Aim of the task. Exclude the pictures and transcribe the rest of the data below exactly.

** Exercise input follows **

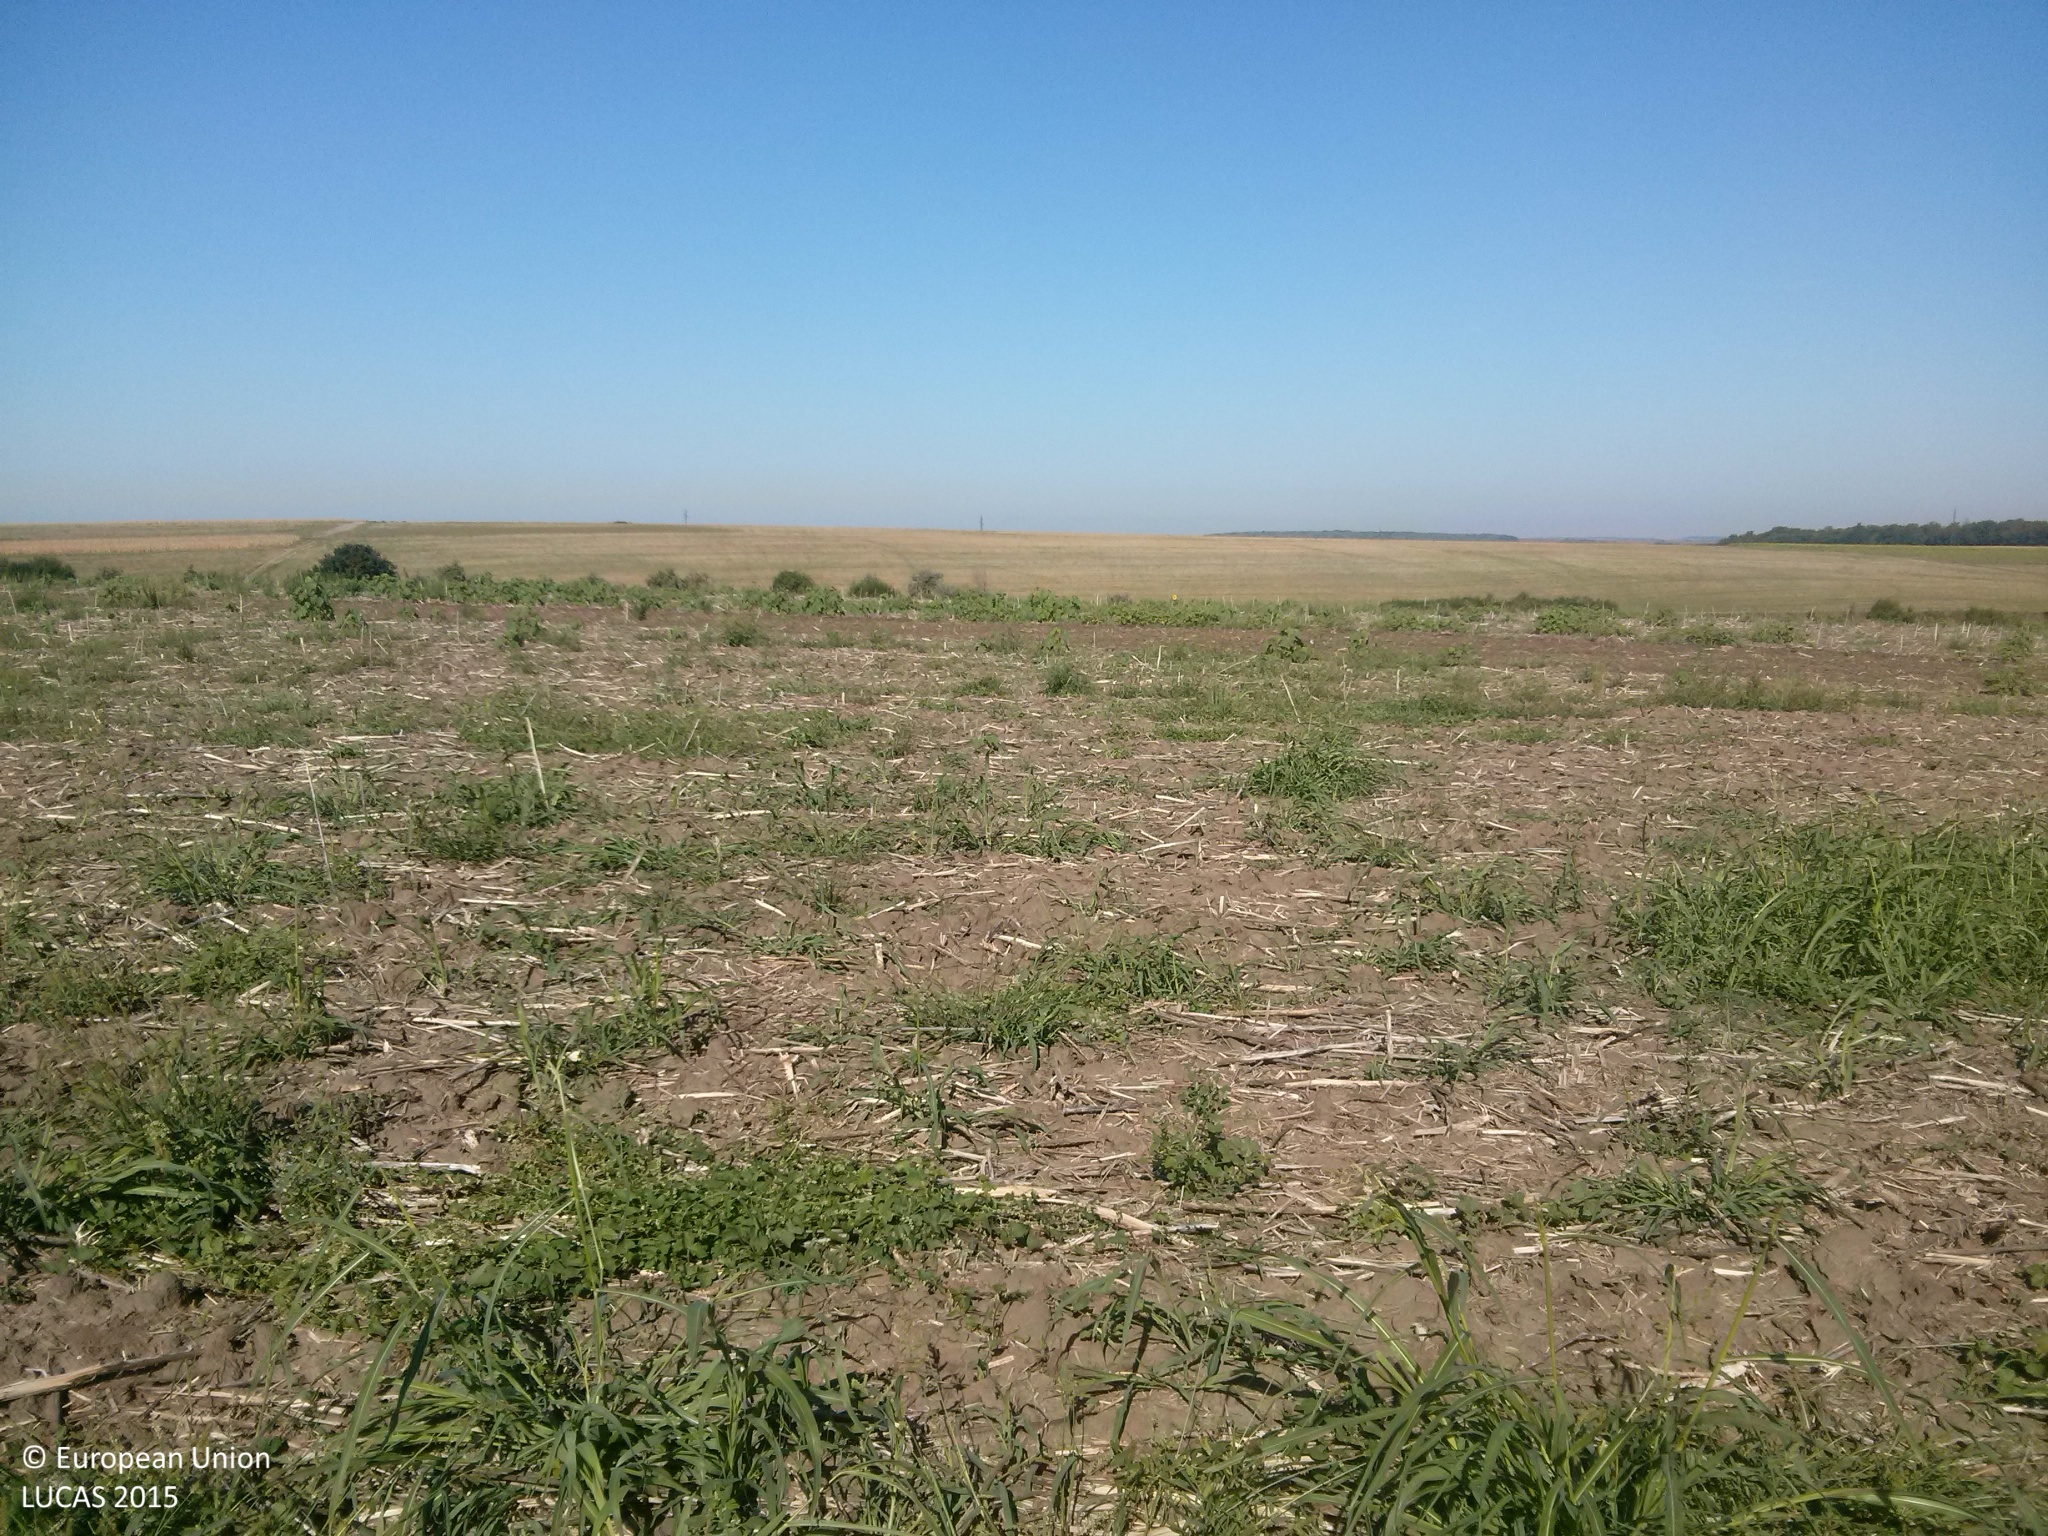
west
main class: Cropland
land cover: Rape and turnip rape
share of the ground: < 10 %
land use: Agriculture (excluding fallow land and kitchen gardens)
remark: Harvested field
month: September
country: BG
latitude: 43.7538
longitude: 26.3869

** End of Exercise input **

Solution.
west
main class: Cropland
land cover: Rape and turnip rape
share of the ground: < 10 %
land use: Agriculture (excluding fallow land and kitchen gardens)
remark: Harvested field
month: September
country: BG
latitude: 43.7538
longitude: 26.3869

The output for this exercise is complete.